Papanicolaou Alexie, Gebauer-Jung Steffi, Blaxter Mark L, Owen McMillan W, Jiggins Chris D
Institute for Evolutionary Biology, University of Edinburgh, King's Buildings, EH9 3JT, UK.
Nucleic Acids Res. 2008 Jan;36(Database issue):D582-7. doi: 10.1093/nar/gkm853. Epub 2007 Oct 12.
With over 100 000 species and a large community of evolutionary biologists, population ecologists, pest biologists and genome researchers, the Lepidoptera are an important insect group. Genomic resources [expressed sequence tags (ESTs), genome sequence, genetic and physical maps, proteomic and microarray datasets] are growing, but there has up to now been no single access and analysis portal for this group. Here we present ButterflyBase (http://www.butterflybase.org), a unified resource for lepidopteran genomics. A total of 273 077 ESTs from more than 30 different species have been clustered to generate stable unigene sets, and robust protein translations derived from each unigene cluster. Clusters and their protein translations are annotated with BLAST-based similarity, gene ontology (GO), enzyme classification (EC) and Kyoto encyclopaedia of genes and genomes (KEGG) terms, and are also searchable using similarity tools such as BLAST and MS-BLAST. The database supports many needs of the lepidopteran research community, including molecular marker development, orthologue prediction for deep phylogenetics, and detection of rapidly evolving proteins likely involved in host-pathogen or other evolutionary processes. ButterflyBase is expanding to include additional genomic sequence, ecological and mapping data for key species.
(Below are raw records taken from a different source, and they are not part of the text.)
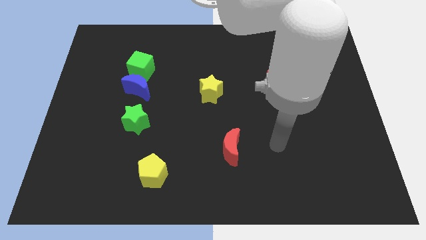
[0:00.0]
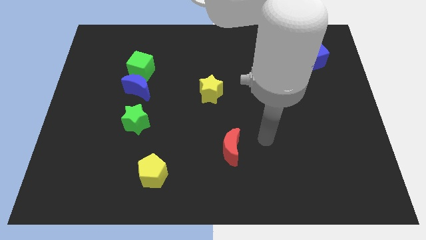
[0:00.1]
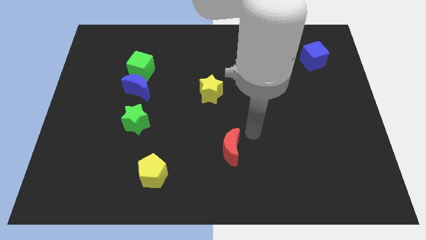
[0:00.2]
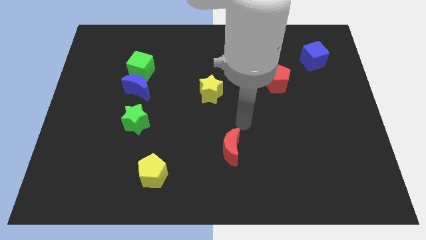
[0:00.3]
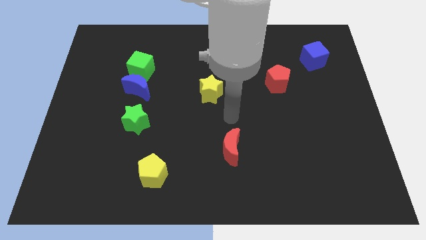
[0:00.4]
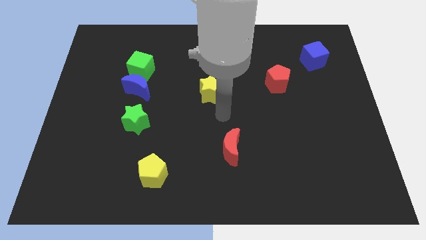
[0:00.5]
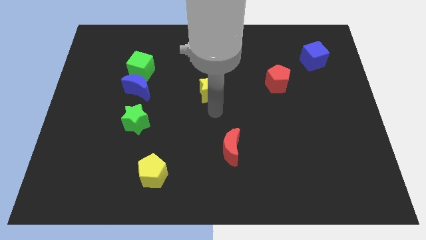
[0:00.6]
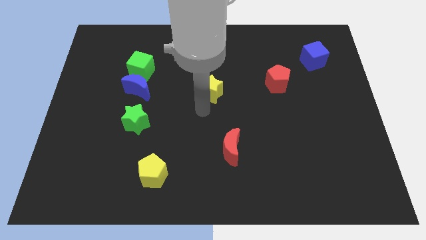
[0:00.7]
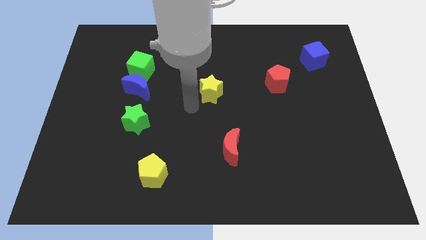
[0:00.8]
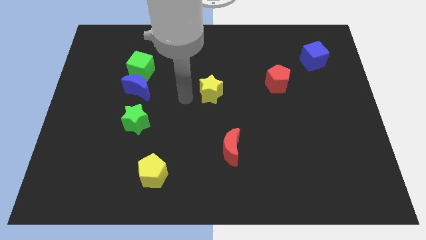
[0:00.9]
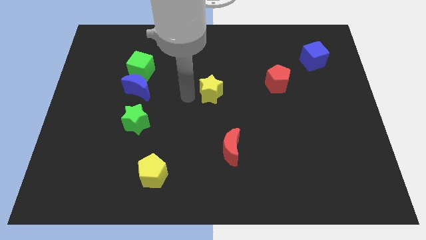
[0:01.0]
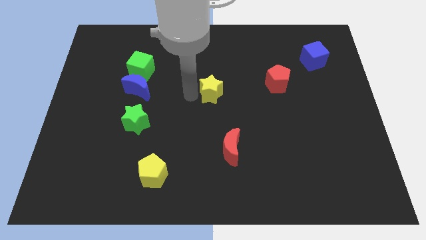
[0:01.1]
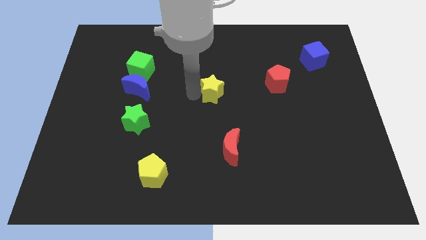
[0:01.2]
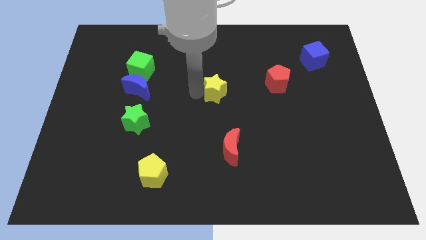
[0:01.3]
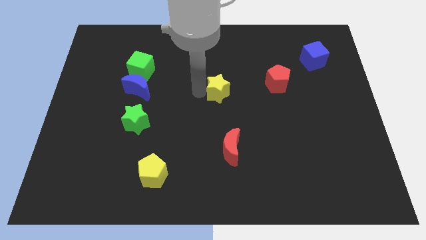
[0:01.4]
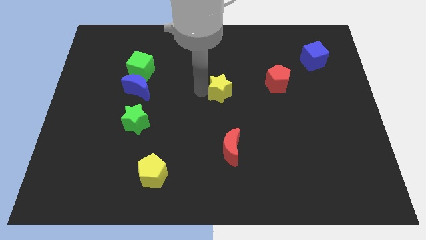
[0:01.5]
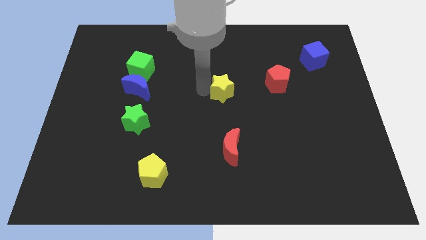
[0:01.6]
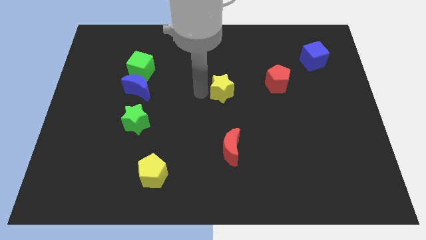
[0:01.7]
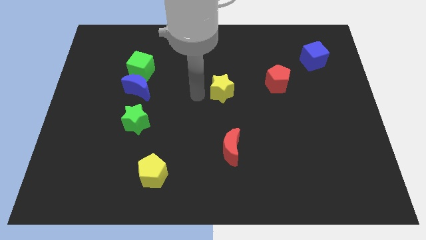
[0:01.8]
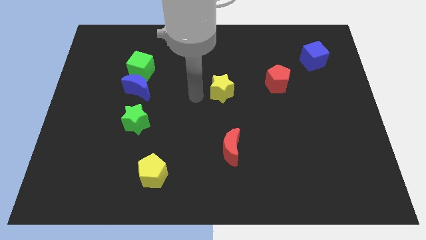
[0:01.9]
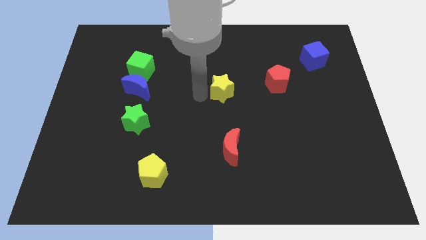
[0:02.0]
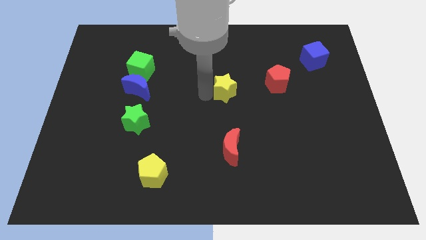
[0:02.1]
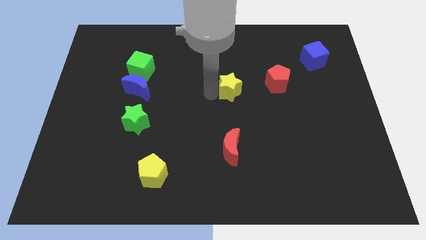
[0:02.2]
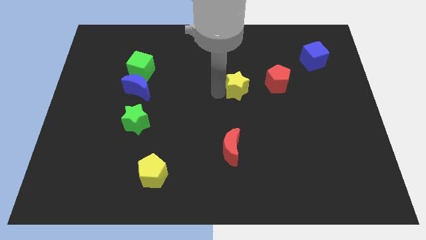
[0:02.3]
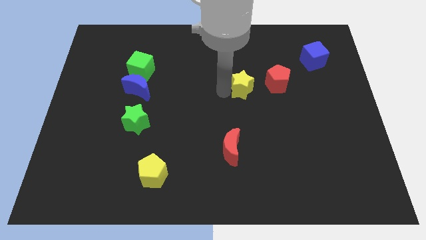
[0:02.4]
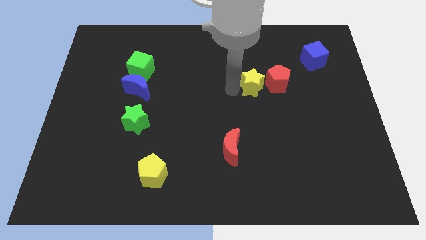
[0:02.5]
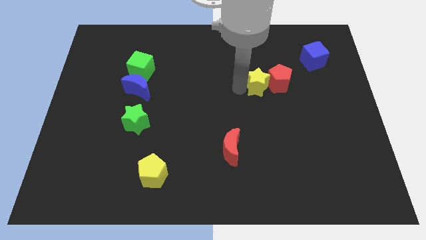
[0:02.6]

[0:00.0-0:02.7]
slide the yellow star close to the red pentagon

鳞翅目昆虫种类超过10万种,拥有众多进化生物学家、种群生态学家、害虫生物学家和基因组研究人员,是一个重要的昆虫类群。基因组资源(表达序列标签(EST)、基因组序列、遗传图谱和物理图谱、蛋白质组学和微阵列数据集)不断增加,但目前还没有针对该类群的单一访问和分析门户。在此,我们展示了ButterflyBase(http://www.butterflybase.org),这是一个鳞翅目昆虫基因组学的统一资源库。来自30多个不同物种的总共273077个EST已被聚类,以生成稳定的单基因集,并从每个单基因簇中获得可靠的蛋白质翻译。这些簇及其蛋白质翻译通过基于BLAST的相似性、基因本体(GO)、酶分类(EC)和京都基因与基因组百科全书(KEGG)术语进行注释,也可使用BLAST和MS-BLAST等相似性工具进行搜索。该数据库满足了鳞翅目研究群体的许多需求,包括分子标记开发、深度系统发育的直系同源物预测,以及检测可能参与宿主-病原体或其他进化过程的快速进化蛋白质。ButterflyBase正在不断扩展,以纳入关键物种的更多基因组序列、生态和图谱数据。